# hardened + ck patchsets = ?

## Veldrin

Dear All,

I recently came up with the 'stupid' idea of combining the hardened patchset (as available via portage) with the ck patchset (taken of con kolivas' page).

As both sets patch the same part of the kernel source, a little handy work is necessary to get all patches to apply cleanly. 

(no, there is no ebuild available)

I haven't done any benchmark tests, but IMO the kernel feels faster and more responsive than a plain hardened kernel. 

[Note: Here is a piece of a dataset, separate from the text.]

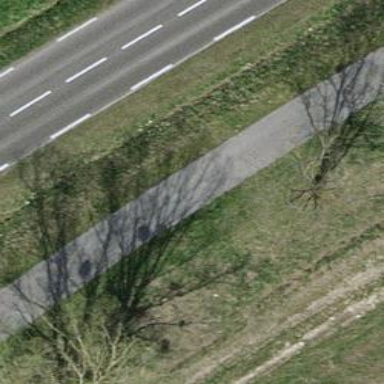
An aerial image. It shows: Bench.
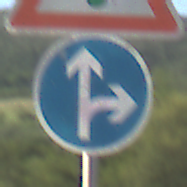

how bad is that combination?

ck focuses on interactivity, while hardened focuses on security: do the work well together or am I trying to move into opposite directions?

This is not a support question, but I'd like to hear some additional opinions. 

V.

----------

## PaulBredbury

 *Veldrin wrote:*   

> opinions

 

I would call "hardened" overkill. I chose AppArmor instead.

----------

## aCOSwt

Hmmm... the idea is not stupid... a priori!

blueness also played that sort of game some time ago : http://archives.gentoo.org/gentoo-hardened/msg_925f75467534309229c3921d6963837b.xml

Might be interesting to ask him why he stopped immediately after his first try though.

EDIT : Oh, BTW, I, personally would have done things just... the other way round.   :Twisted Evil: 

----------

## Veldrin

 *Quote:*   

> I would call "hardened" overkill. I chose AppArmor instead.

 

I thought AppArmor was to protect 'server' services, and not for desktop/notebook environments. 

I did not mention it, but I run that kernel on my desktop and notebook. I do not see any advantage in running it on my server.

On the other hand, I mainly/only use the PaX part of hardened. I gave some tries to grsec, but I would never work. I guess I have not tried hard enough. 

How well is AppArmor supported/developed nowadays?

the last time i check (a few months back) it seemed rather quiet, if not already dead.

OTOH, pax/grsec is also in maintenance only mode. 

 *Quote:*   

> EDIT : Oh, BTW, I, personally would have done things just... the other way round. 

 

What do you mean by the other way around? Started with CK-Sources and applied hardened on top?

If I find some time, I might poke blueness about it. From the post, it seems that he wanted to add BFS-only (and not the entire patchset), but exactly the BFS part is troublesome.

----------

## PaulBredbury

 *Veldrin wrote:*   

> not for desktop/notebook environments

 

Lolwut?   :Laughing:   AppArmor is installed and active by default in Ubuntu (including protection for java in firefox), and I think in Opensuse also. Most Ubuntu users probably don't even notice it.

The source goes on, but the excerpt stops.